Aufheben regard this as the »unnecessary problem« of a theory »that cuts off class struggle«. A theory that logically can no longer see how the »the subject can actually emerge as an antagonistic subject from within the daily relations of wage-work and exchange«. Consequently, De Angelis must repeatedly relativise »his outside«, his Commons as outside. He makes the National Health Service a Common that must be defended against privatisation, while admitting at the same time that hospitals are institutions exercising state control.
De Angelis cites enclosures as evidence for his arguments, stylising the historical Commons as a homogeneous community. Behind this Aufheben see a polar social development of peasant-capitalists and wage workers (cf. Article on Common Property).

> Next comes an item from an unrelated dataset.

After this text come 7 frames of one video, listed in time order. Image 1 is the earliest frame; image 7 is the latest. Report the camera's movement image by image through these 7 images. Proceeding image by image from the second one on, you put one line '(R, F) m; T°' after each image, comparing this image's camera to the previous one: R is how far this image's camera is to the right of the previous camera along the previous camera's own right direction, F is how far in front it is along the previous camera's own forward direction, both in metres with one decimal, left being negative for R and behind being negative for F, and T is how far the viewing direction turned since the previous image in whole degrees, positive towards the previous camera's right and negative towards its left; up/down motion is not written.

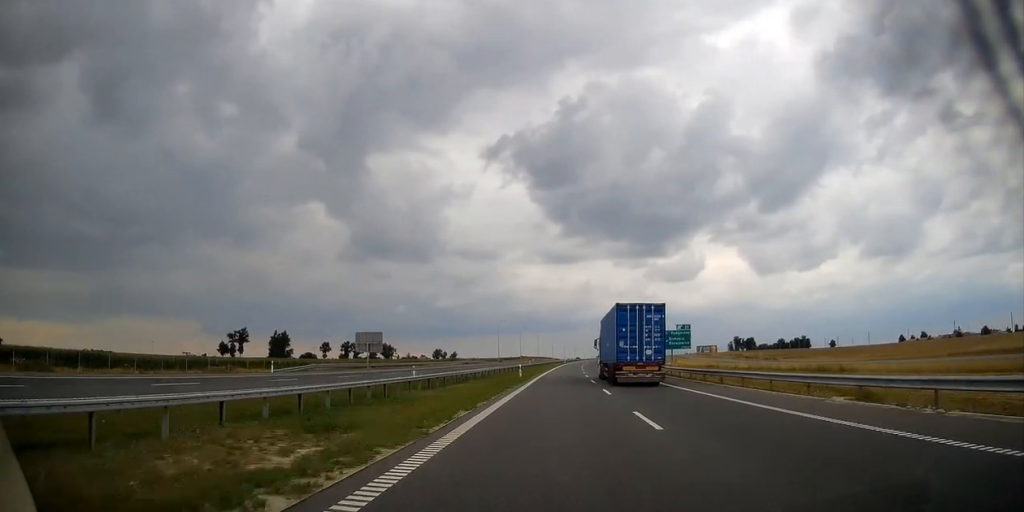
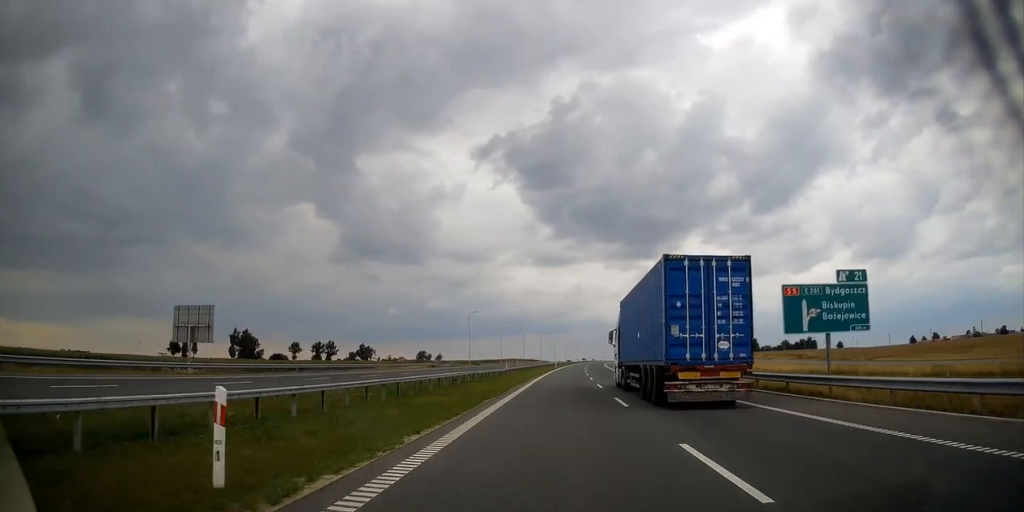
(+0.5, +42.3) m; +1°
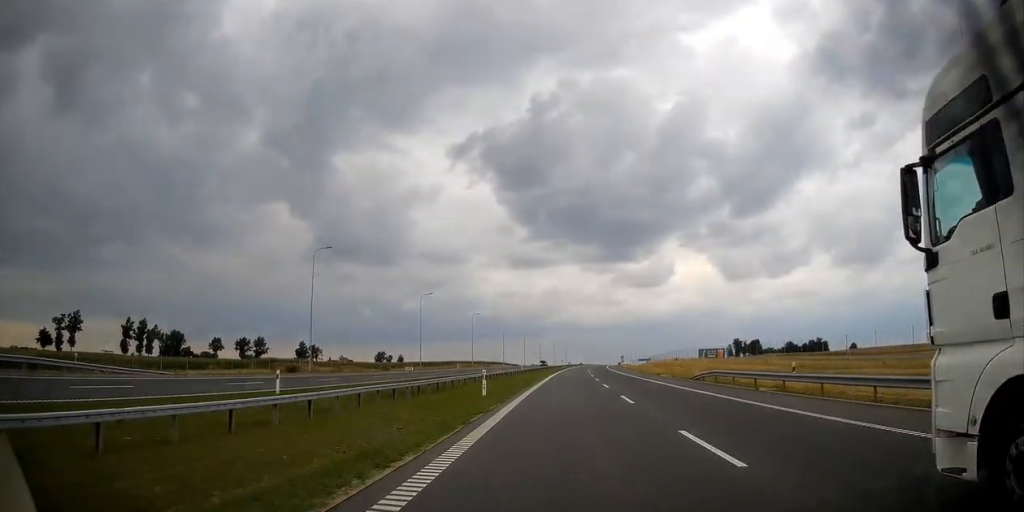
(+1.5, +82.7) m; +2°
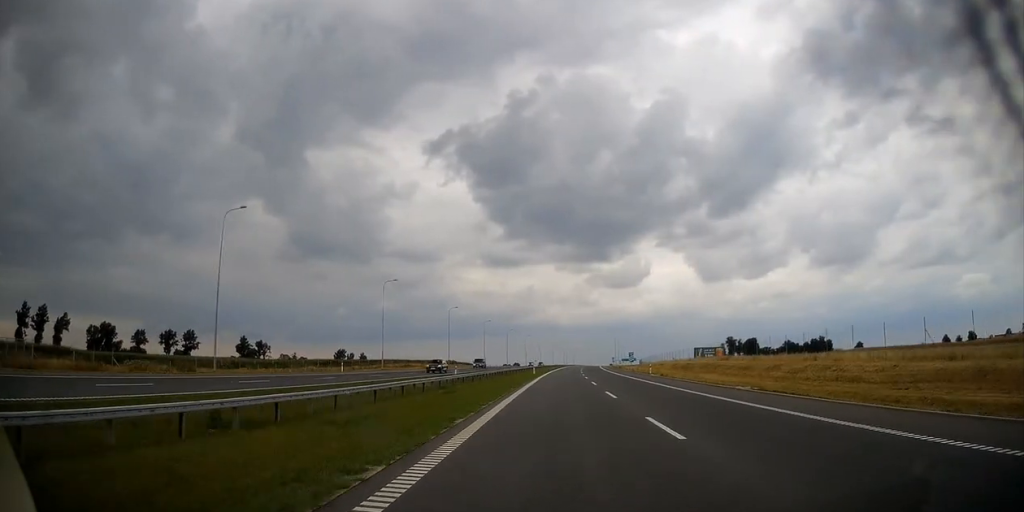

A »good theory« should enable us to come to terms with real contradictions and human beings, and to intervene politically. It is also supposed to help us solve De Angelis‘ dilemma: why can capital integrate struggles over and aver again, what were the material reasons for such a compromise, which social forces were involved… Aufheben conclude that De Angelis cannot offer all this, but only a very general system of values for ahistorical communities. Plus a vague and moralistic call to the individual to join these.